What is a query point?
A new data point whose label or value we want to predict.
In KNN, what does “near” mean?
Small distance to the query.
What does KNN use to make a prediction?
Nearby stored examples.
What does brute-force search check?
Every stored item.
What is the goal of approximate search?
To search faster by checking fewer candidates.
Why turn data into features or vectors?
So that we can compare them computationally.
What does a distance metric measure?
How close or different two data points are.
In KNN classification, how is the class usually chosen?
By majority vote among the nearest neighbours.
What is the naïve exact search cost per query?
O(nd), where n is stored examples and d is features.
What is a candidate set?
A smaller group of promising items checked in detail.
What is a feature?
A measurable property used to describe a data point.
Why is B closest to q = (2, 2)?
B = (2, 1), so d(q, B) = 1.
In KNN regression, how is the value often predicted?
By averaging the values of the nearest neighbours.
Why is brute-force search exact?
Because it checks all stored examples before choosing neighbours.
What is the intuition behind locality-sensitive hashing?
Similar items are more likely to fall into the same bucket.
Why does representation affect KNN?
Because distance, and therefore “near”, depends on the representation.
Why did we “look first, calculate second”?
To build visual intuition before applying the distance formula.
What does (k) control?
The number of neighbours used for prediction.
Why can KNN prediction be expensive at scale?
Because neighbour search happens when the query arrives.
What trade-off appears in approximate search?
Faster search may reduce exactness or recall.
What can go wrong with a poor representation?
Similar items may look far apart, or dissimilar items may look close together.
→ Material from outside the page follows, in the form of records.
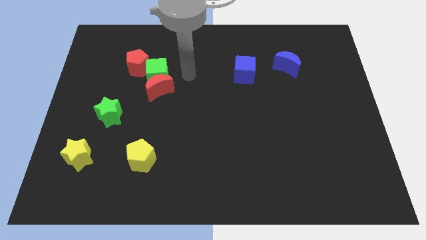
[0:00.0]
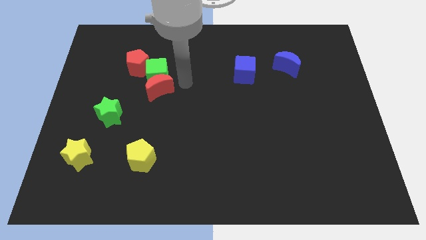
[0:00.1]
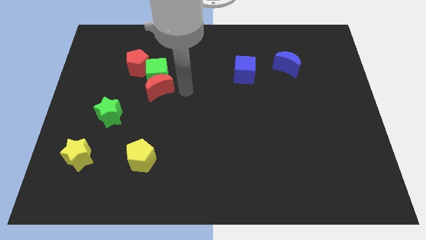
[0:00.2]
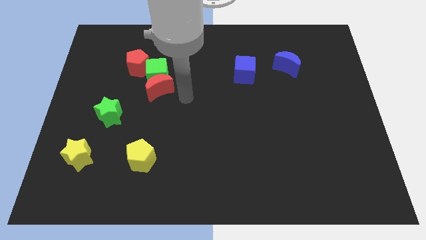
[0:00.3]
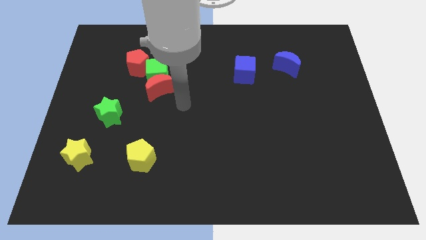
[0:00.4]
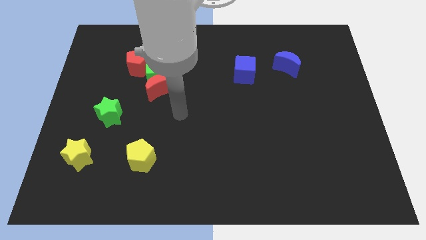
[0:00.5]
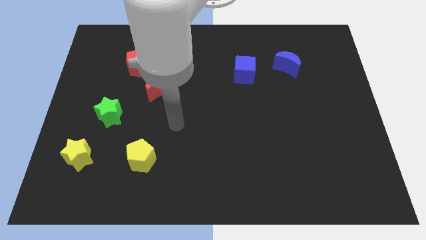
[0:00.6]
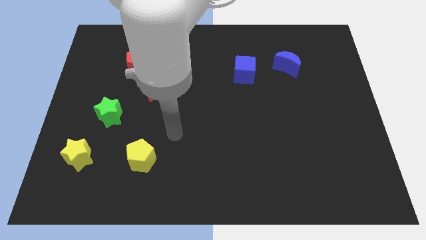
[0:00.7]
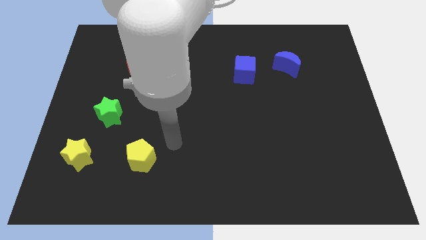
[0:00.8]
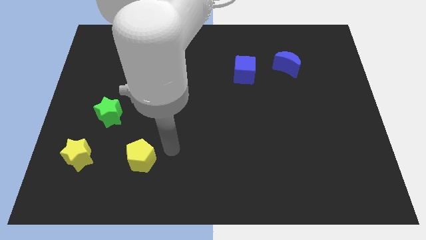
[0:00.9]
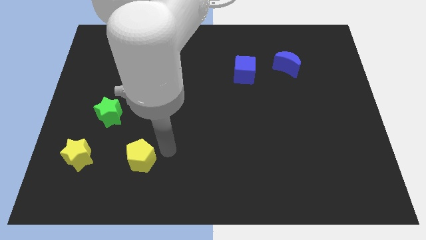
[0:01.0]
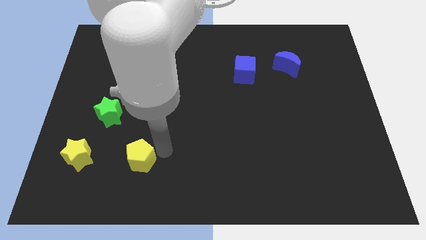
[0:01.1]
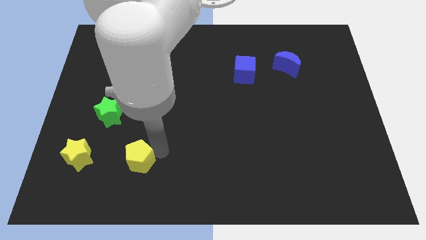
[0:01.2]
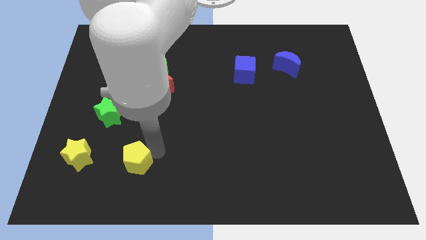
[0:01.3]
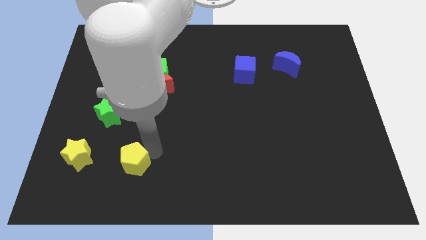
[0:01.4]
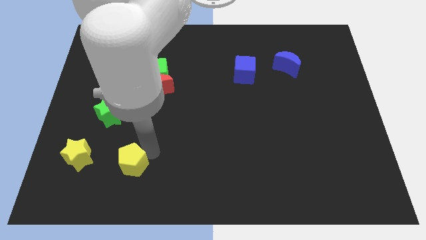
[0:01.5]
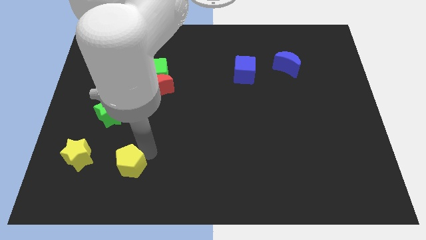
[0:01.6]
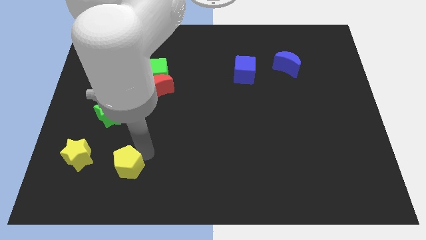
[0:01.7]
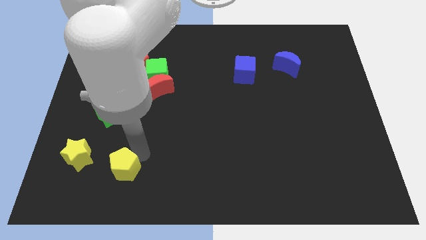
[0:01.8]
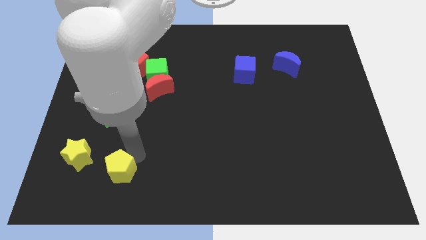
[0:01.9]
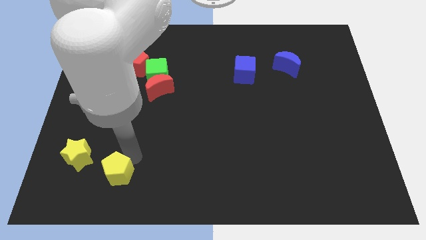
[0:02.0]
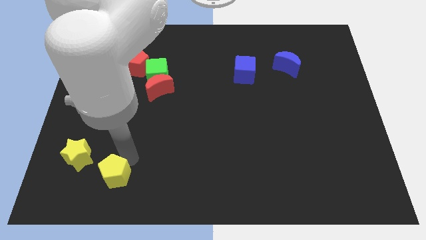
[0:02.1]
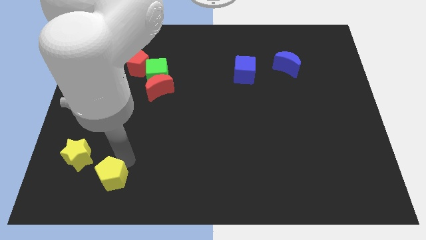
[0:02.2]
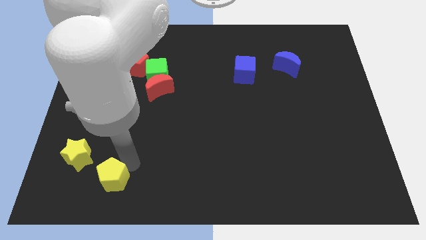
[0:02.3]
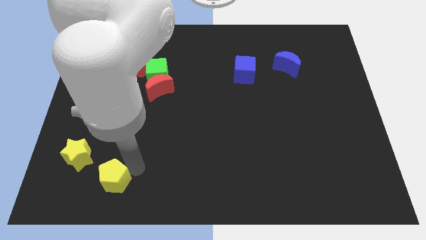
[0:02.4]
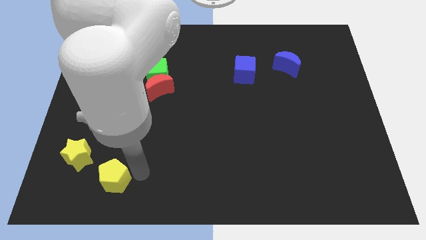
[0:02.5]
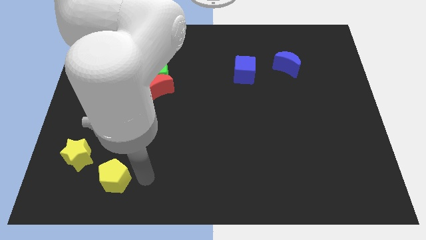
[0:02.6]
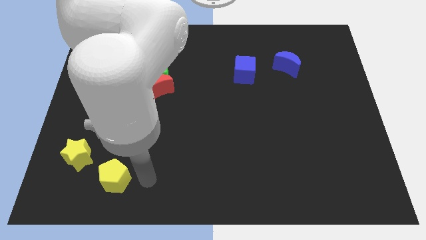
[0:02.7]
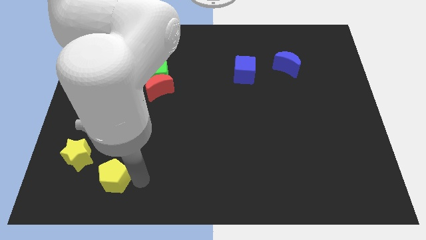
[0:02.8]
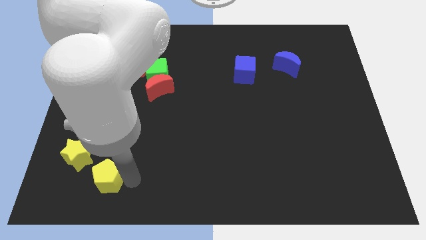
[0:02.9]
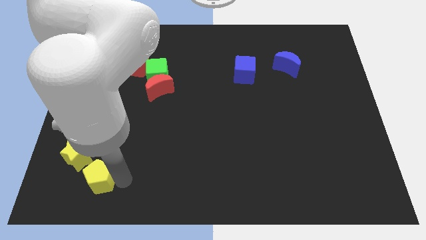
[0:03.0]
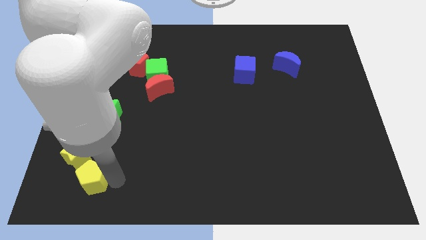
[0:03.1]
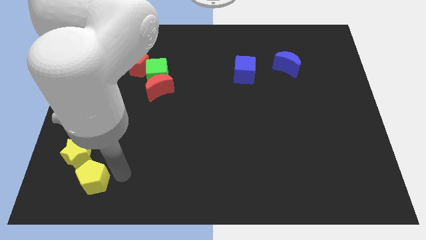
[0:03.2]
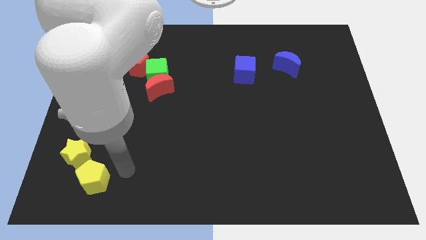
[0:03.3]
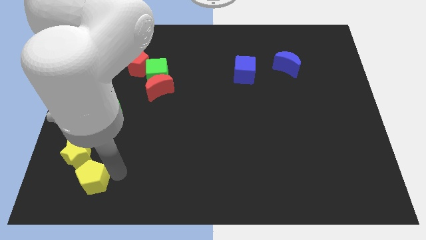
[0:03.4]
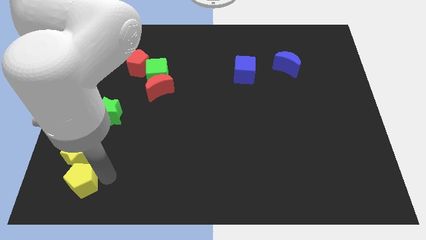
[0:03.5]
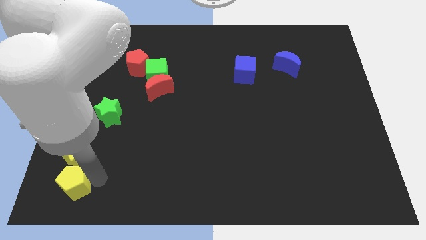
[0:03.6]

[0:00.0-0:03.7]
put the yellow pentagon to the bottom left

Why might Euclidean distance fail?
The representation or feature scales may not reflect meaningful similarity.
Why can changing (k) change the prediction?
Because it changes which neighbours influence the vote or average.
Why is exact search costly for 10⁶ items and 512 features?
One query may examine over 500 million feature dimensions.
Why evaluate recall or search quality?
Because the true nearest neighbours may be missed, which can affect the final prediction.